Data for the task:

────

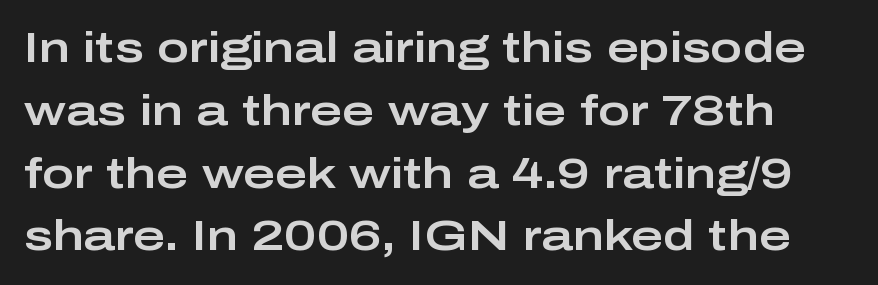
Each row of text sits above clean, open space. These lines are rendered in a variable-pitch font. Does the leading feel generous? No, just average. Nothing unusual about the tracking: characters are spaced as the font intends. Characters remain perfectly vertical along every line.
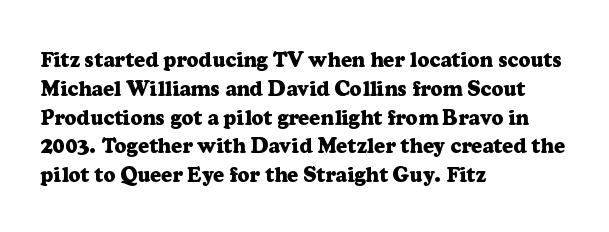
Q: Is the text bold? A: Yes.
Q: Is the text italic (slanted)? A: No, it is upright.
Q: Is the text underlined? A: No.
Q: How is the paragraph aligned? A: Left-aligned.
Q: Is the spacing between letters normal or unusually wide? A: Normal.
Q: Is the spacing between lines tight, normal or loose? A: Normal.
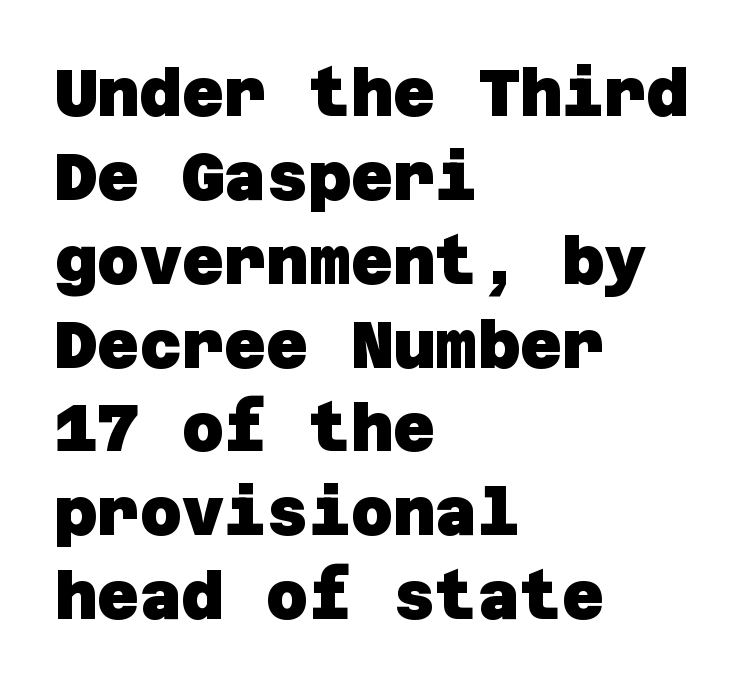
The image shows 65 px heavy sans-serif type; set left-aligned, normal line spacing (1.29x), normal letter spacing, not underlined; low stroke contrast and a large x-height.
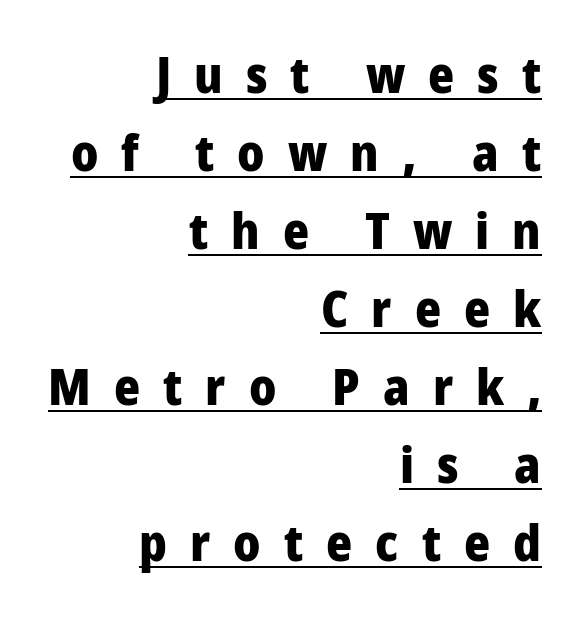
The letters advance in unequal steps, a hallmark of proportional type. It's the straight-up-and-down kind of type. The rendering uses the underline text-decoration. Nothing sits at the stroke ends, so this counts as sans-serif. The horizontal fit of the characters is loose and conspicuously gappy. This block has exactly the height ordinary leading produces.
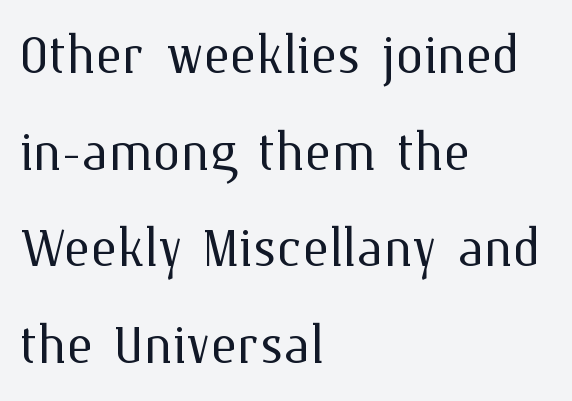
The image shows 70 px light type, upright; set left-aligned, normal line spacing (1.38x), normal letter spacing, not underlined; medium stroke contrast and a medium x-height.
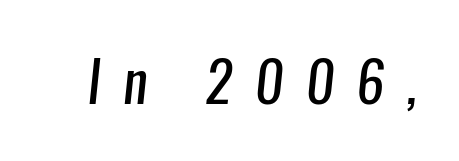
The baseline area is clear. The passage shown is typeset with a sans-serif family. Here the designer chose a conventional face with non-uniform glyph widths. This is not heavy type; no bold has been used. Substantial extra tracking has been applied to these lines.
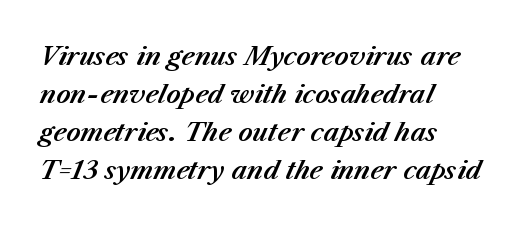
The paragraph has a hard left edge and a soft right edge. The tracking reads as untouched default to a designer's eye. The passage shown leans; its letterforms are oblique. Students, observe: this is what conventionally led text looks like. Bare-footed words on every line.
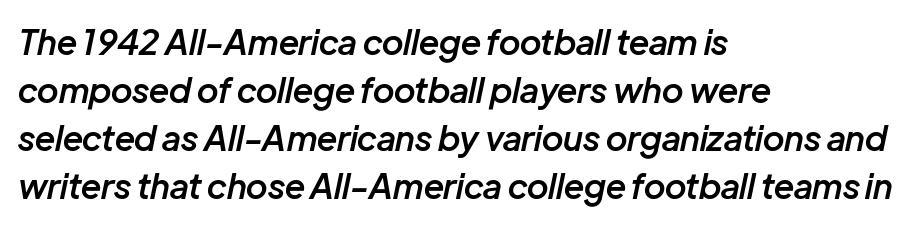
Q: Is the text bold? A: Semi-bold.
Q: Is the text italic (slanted)? A: Yes, it leans right by about 12 degrees.
Q: Is the text underlined? A: No.
Q: How is the paragraph aligned? A: Left-aligned.
Q: Is the spacing between letters normal or unusually wide? A: Normal.
Q: Is the spacing between lines tight, normal or loose? A: Normal.
Q: Width (condensed, normal, or wide)? A: Normal.
Q: Stroke contrast? A: Low.
Q: x-height? A: Medium.
Q: Monospaced? A: No.
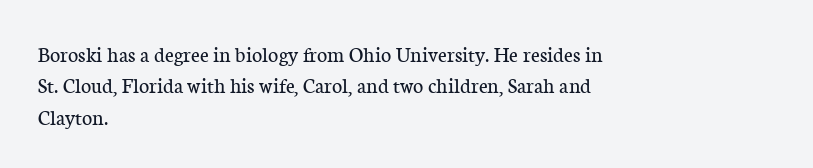
The line-height multiplier appears to be the usual default. The ragged edge is on the right, which tells us the setting is flush left. A typesetter would mark this as roman, not italic. This sample uses plain, unmodified letter spacing. No letter is thick-stroked: the sample isn't bold.
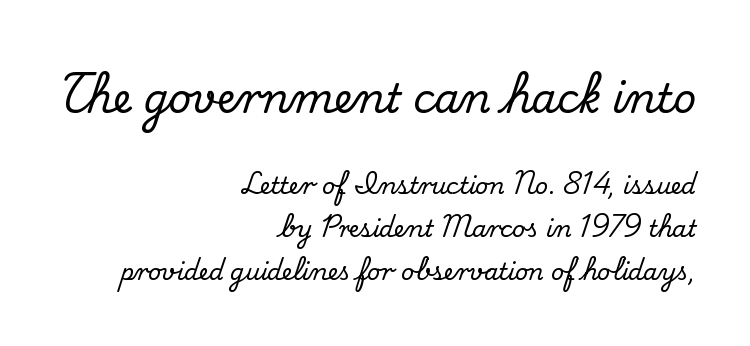
{"serif": "yes", "width": "normal", "stroke_contrast": "medium", "x_height": "small", "monospaced": "no", "underline": "no", "align": "right", "line_spacing_ratio": 1.87, "letter_spacing": "normal", "letter_spacing_em": 0.0, "larger_block": "first", "size_ratio": 1.74, "glyph_px": 40}
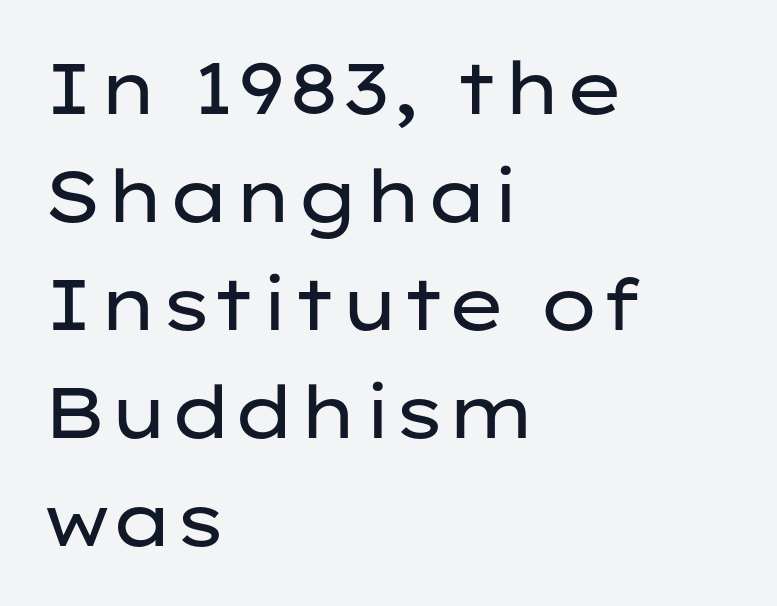
The image shows 72 px regular-weight, wide sans-serif type, upright; set left-aligned, normal line spacing (1.5x), normal letter spacing, not underlined; low stroke contrast and a medium x-height.
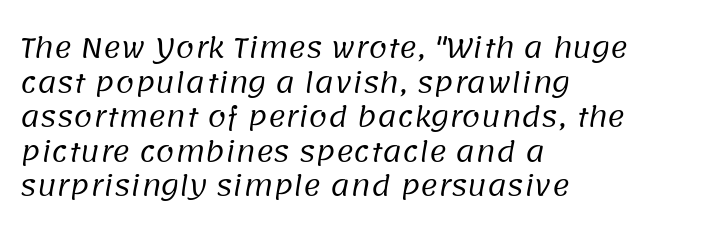
The image shows 27 px text type; set left-aligned, normal line spacing (1.28x), normal letter spacing, not underlined.
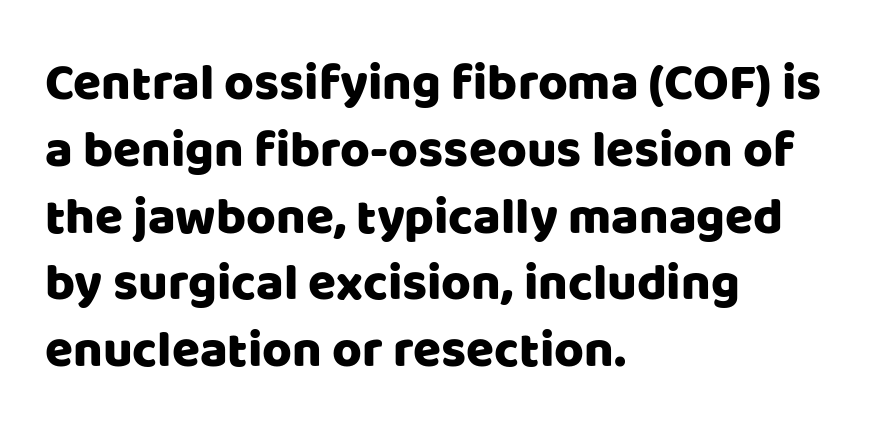
{"serif": "no", "italic": "no", "width": "normal", "stroke_contrast": "low", "x_height": "large", "monospaced": "no", "underline": "no", "align": "left", "line_spacing": "normal", "line_spacing_ratio": 1.31, "letter_spacing": "normal", "letter_spacing_em": 0.0, "glyph_px": 51}
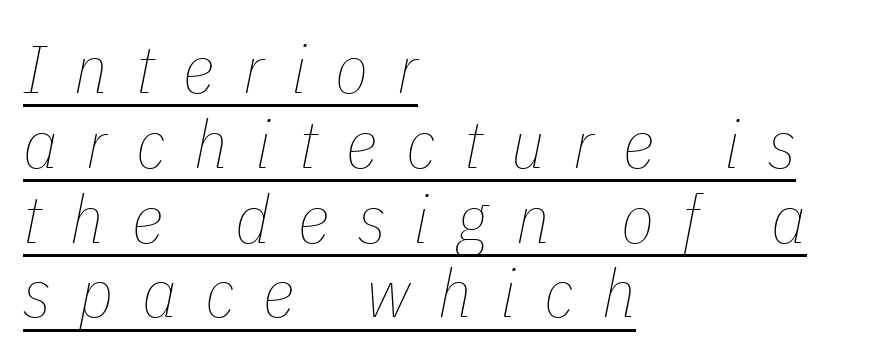
Q: Is the text bold? A: No.
Q: Is the text italic (slanted)? A: Yes, it leans right by about 11 degrees.
Q: Is the text underlined? A: Yes.
Q: How is the paragraph aligned? A: Left-aligned.
Q: Is the spacing between letters normal or unusually wide? A: Unusually wide.
Q: Is the spacing between lines tight, normal or loose? A: Tight.
Q: Width (condensed, normal, or wide)? A: Condensed.
Q: Stroke contrast? A: Low.
Q: x-height? A: Medium.
Q: Monospaced? A: No.
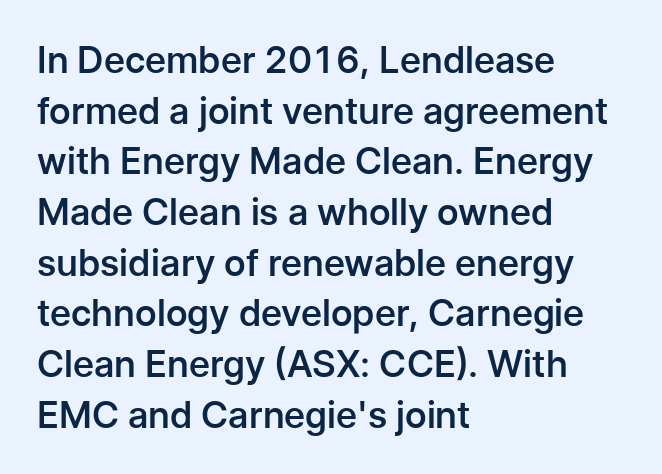
Q: Is the text bold? A: Semi-bold.
Q: Is the text italic (slanted)? A: No, it is upright.
Q: Is the typeface a serif or a sans-serif typeface? A: Sans-serif.
Q: Is the text underlined? A: No.
Q: How is the paragraph aligned? A: Left-aligned.
Q: Is the spacing between letters normal or unusually wide? A: Normal.
Q: Is the spacing between lines tight, normal or loose? A: Normal.
Q: Width (condensed, normal, or wide)? A: Normal.
Q: Stroke contrast? A: Low.
Q: x-height? A: Medium.
Q: Monospaced? A: No.

────

What is expected:
Give back exactly the lines from the one containing "Q: Is the typeface" through the last line of the records.

Output for this task:
Q: Is the typeface a serif or a sans-serif typeface? A: Sans-serif.
Q: Is the text underlined? A: No.
Q: How is the paragraph aligned? A: Left-aligned.
Q: Is the spacing between letters normal or unusually wide? A: Normal.
Q: Is the spacing between lines tight, normal or loose? A: Normal.
Q: Width (condensed, normal, or wide)? A: Normal.
Q: Stroke contrast? A: Low.
Q: x-height? A: Medium.
Q: Monospaced? A: No.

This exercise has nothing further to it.